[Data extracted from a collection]
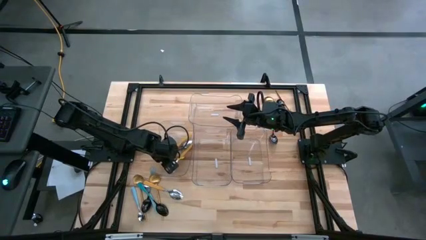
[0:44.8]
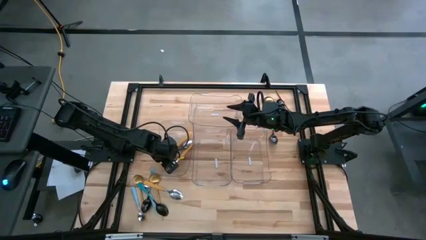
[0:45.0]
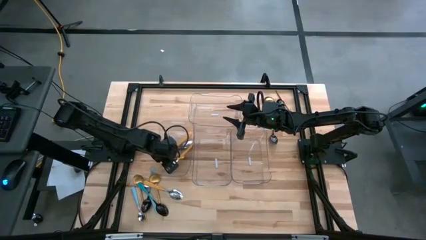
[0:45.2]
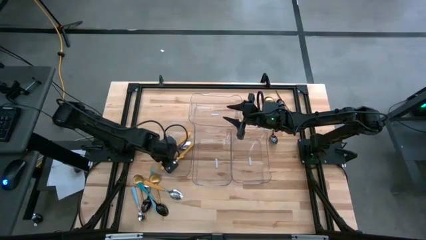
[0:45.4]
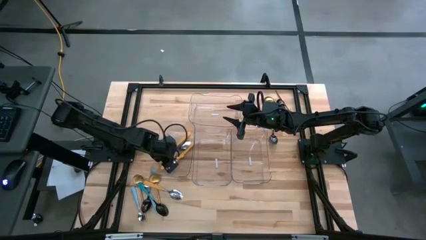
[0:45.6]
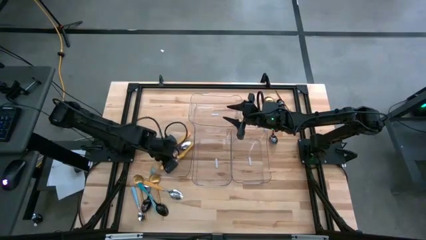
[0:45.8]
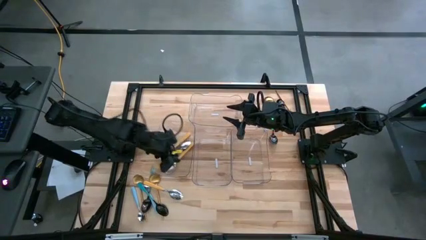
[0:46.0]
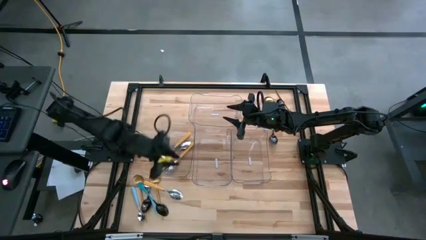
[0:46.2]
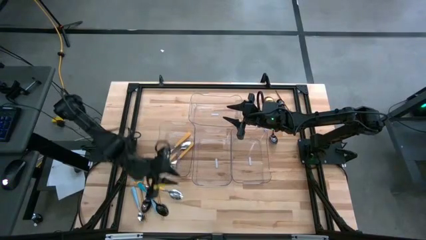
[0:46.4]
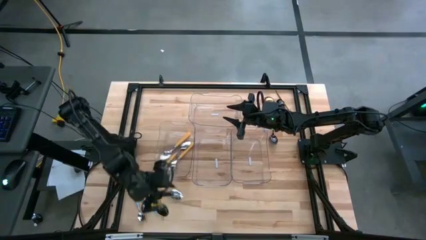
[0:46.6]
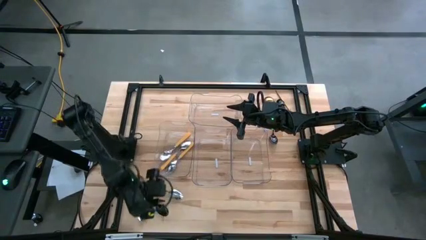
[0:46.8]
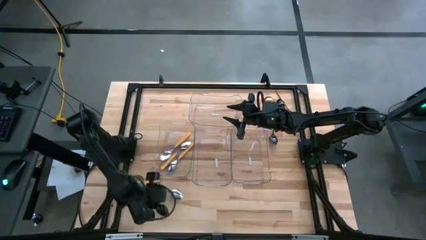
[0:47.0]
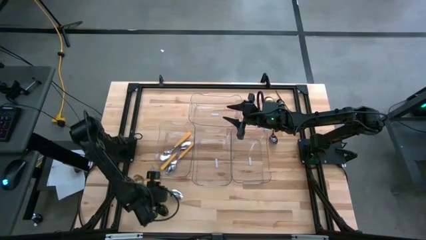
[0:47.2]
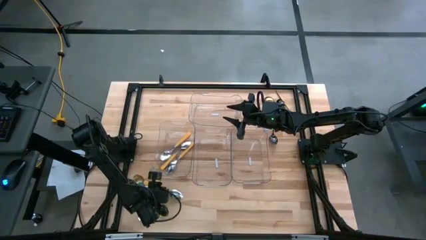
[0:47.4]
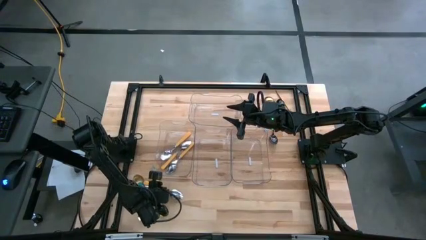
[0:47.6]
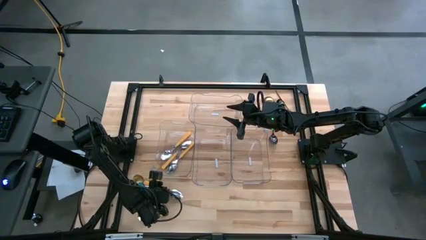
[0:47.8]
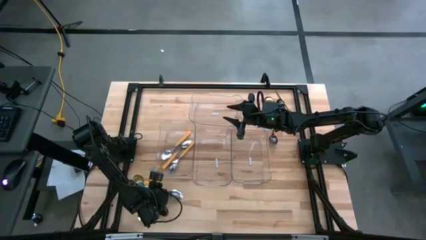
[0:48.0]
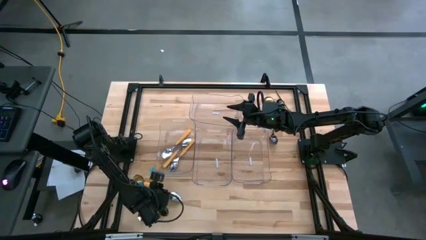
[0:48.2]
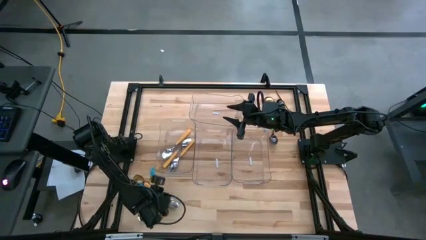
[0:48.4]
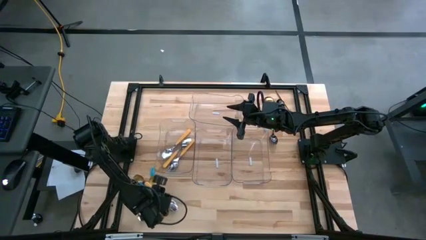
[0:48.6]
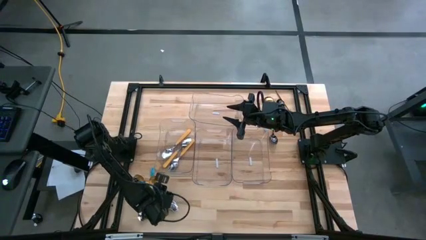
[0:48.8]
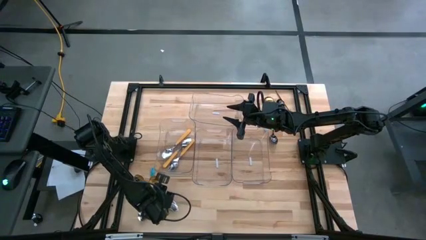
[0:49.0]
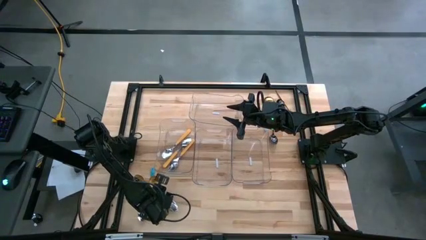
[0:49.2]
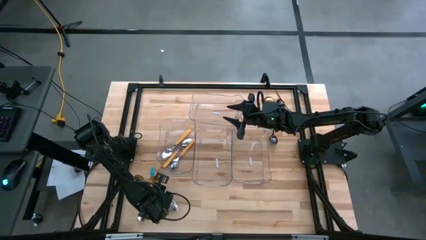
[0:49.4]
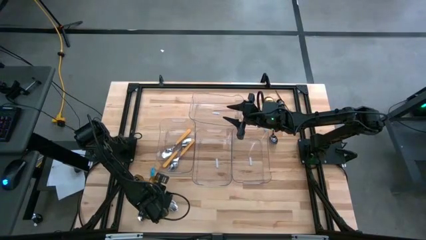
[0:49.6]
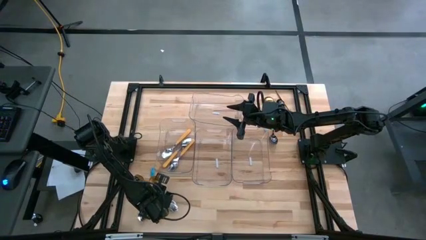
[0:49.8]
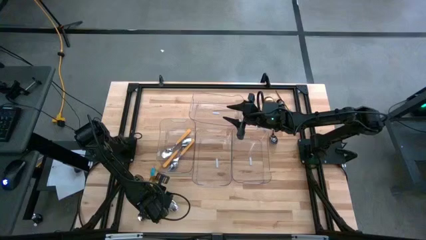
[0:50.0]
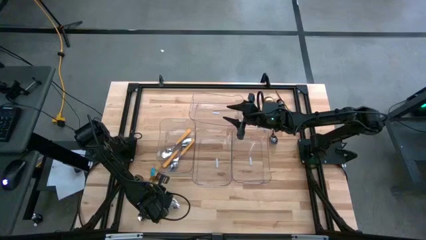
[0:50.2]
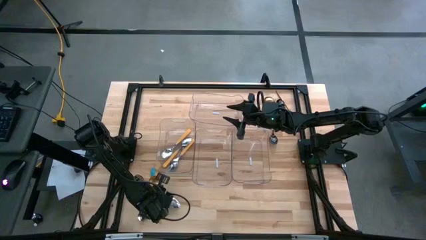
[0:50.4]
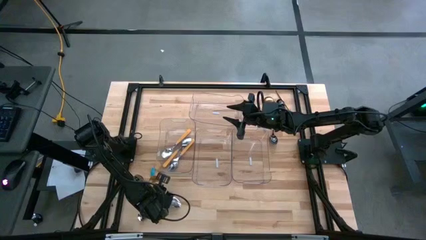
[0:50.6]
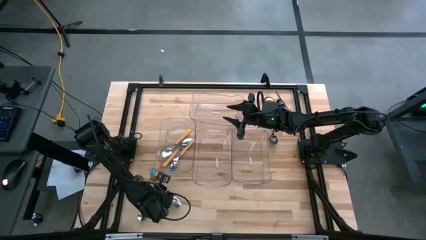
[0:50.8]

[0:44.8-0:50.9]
Task: Sort silverware by color (type)
Put the yellow spoon into the left transparent bin

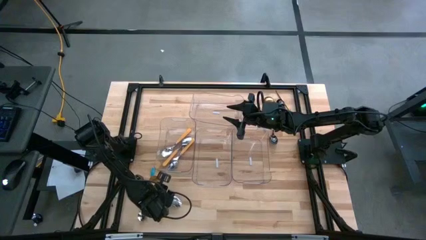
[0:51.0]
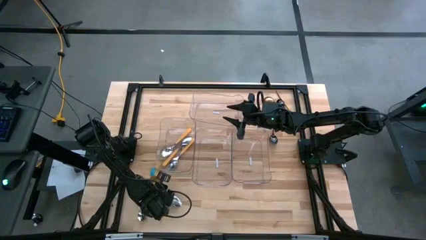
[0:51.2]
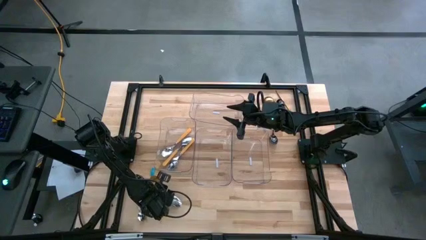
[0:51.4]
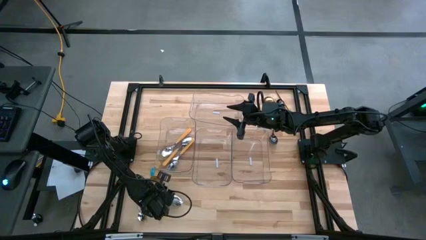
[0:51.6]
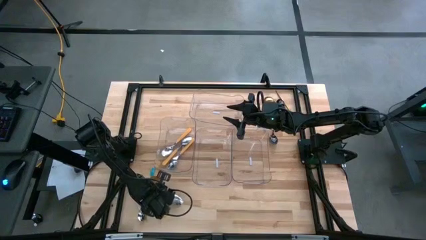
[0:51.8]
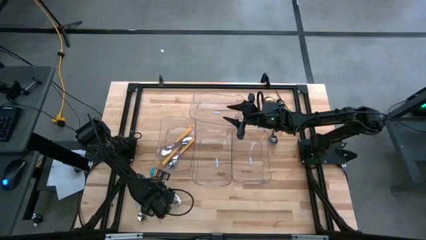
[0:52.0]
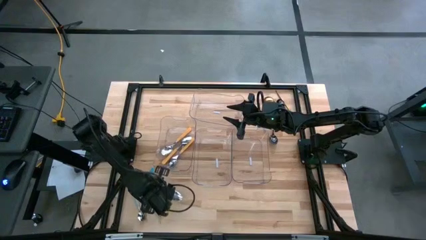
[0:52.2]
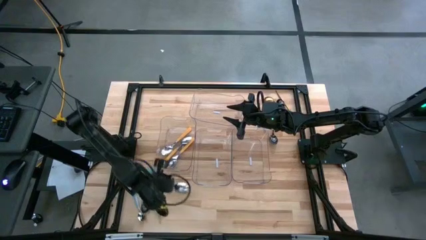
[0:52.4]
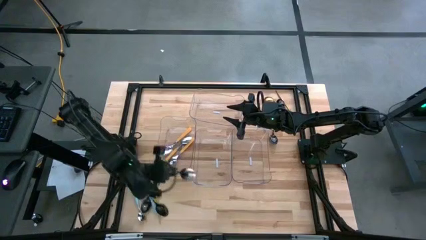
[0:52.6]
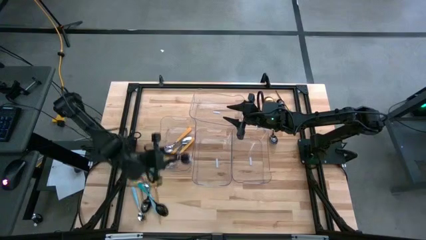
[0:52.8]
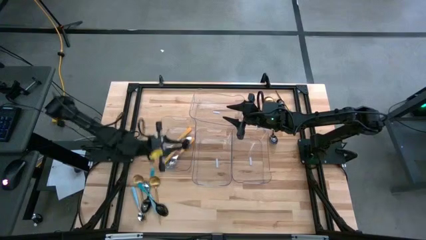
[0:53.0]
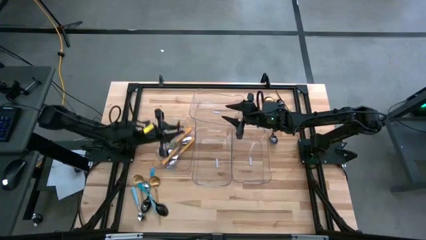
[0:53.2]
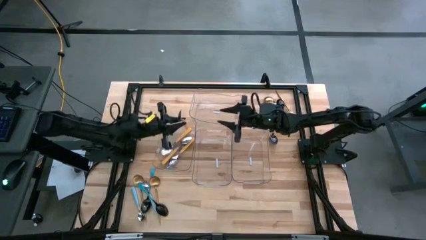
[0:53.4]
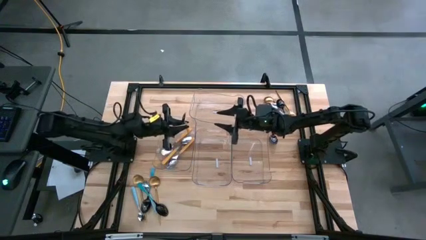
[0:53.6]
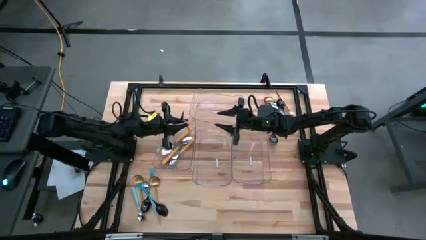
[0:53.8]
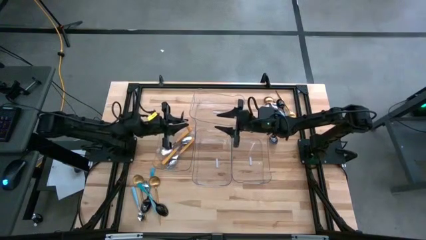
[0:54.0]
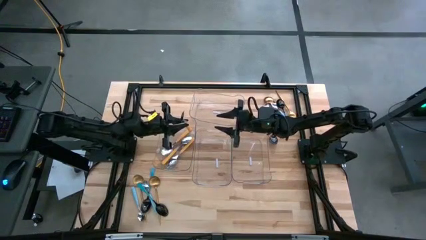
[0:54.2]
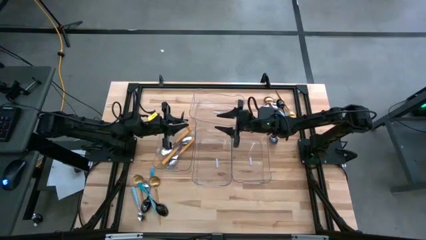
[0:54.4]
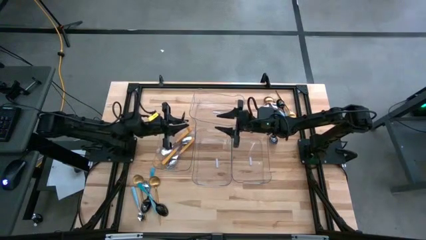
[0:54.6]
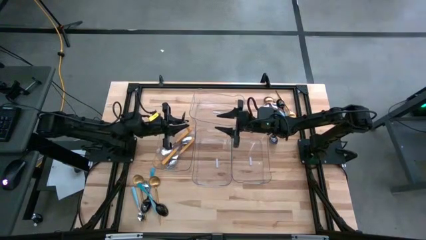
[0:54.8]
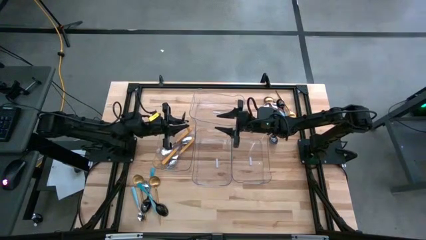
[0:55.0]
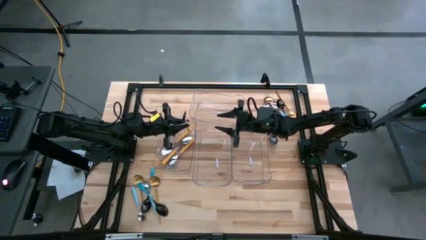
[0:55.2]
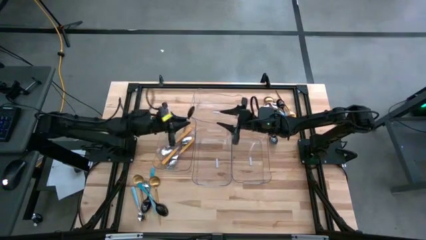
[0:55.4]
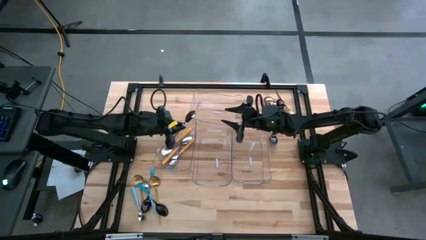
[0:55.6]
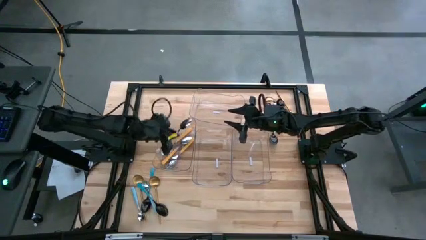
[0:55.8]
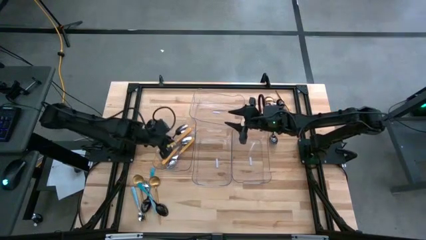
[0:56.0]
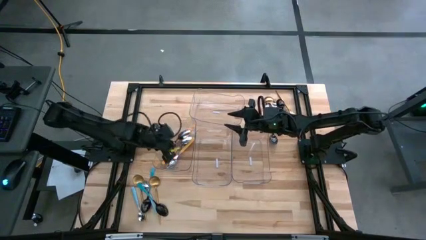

* [Activity] Reproduce each line of the records exactly, omitting any picture.

* [Task result]
[0:44.8]
[0:45.0]
[0:45.2]
[0:45.4]
[0:45.6]
[0:45.8]
[0:46.0]
[0:46.2]
[0:46.4]
[0:46.6]
[0:46.8]
[0:47.0]
[0:47.2]
[0:47.4]
[0:47.6]
[0:47.8]
[0:48.0]
[0:48.2]
[0:48.4]
[0:48.6]
[0:48.8]
[0:49.0]
[0:49.2]
[0:49.4]
[0:49.6]
[0:49.8]
[0:50.0]
[0:50.2]
[0:50.4]
[0:50.6]
[0:50.8]

[0:44.8-0:50.9]
Task: Sort silverware by color (type)
Put the yellow spoon into the left transparent bin

[0:51.0]
[0:51.2]
[0:51.4]
[0:51.6]
[0:51.8]
[0:52.0]
[0:52.2]
[0:52.4]
[0:52.6]
[0:52.8]
[0:53.0]
[0:53.2]
[0:53.4]
[0:53.6]
[0:53.8]
[0:54.0]
[0:54.2]
[0:54.4]
[0:54.6]
[0:54.8]
[0:55.0]
[0:55.2]
[0:55.4]
[0:55.6]
[0:55.8]
[0:56.0]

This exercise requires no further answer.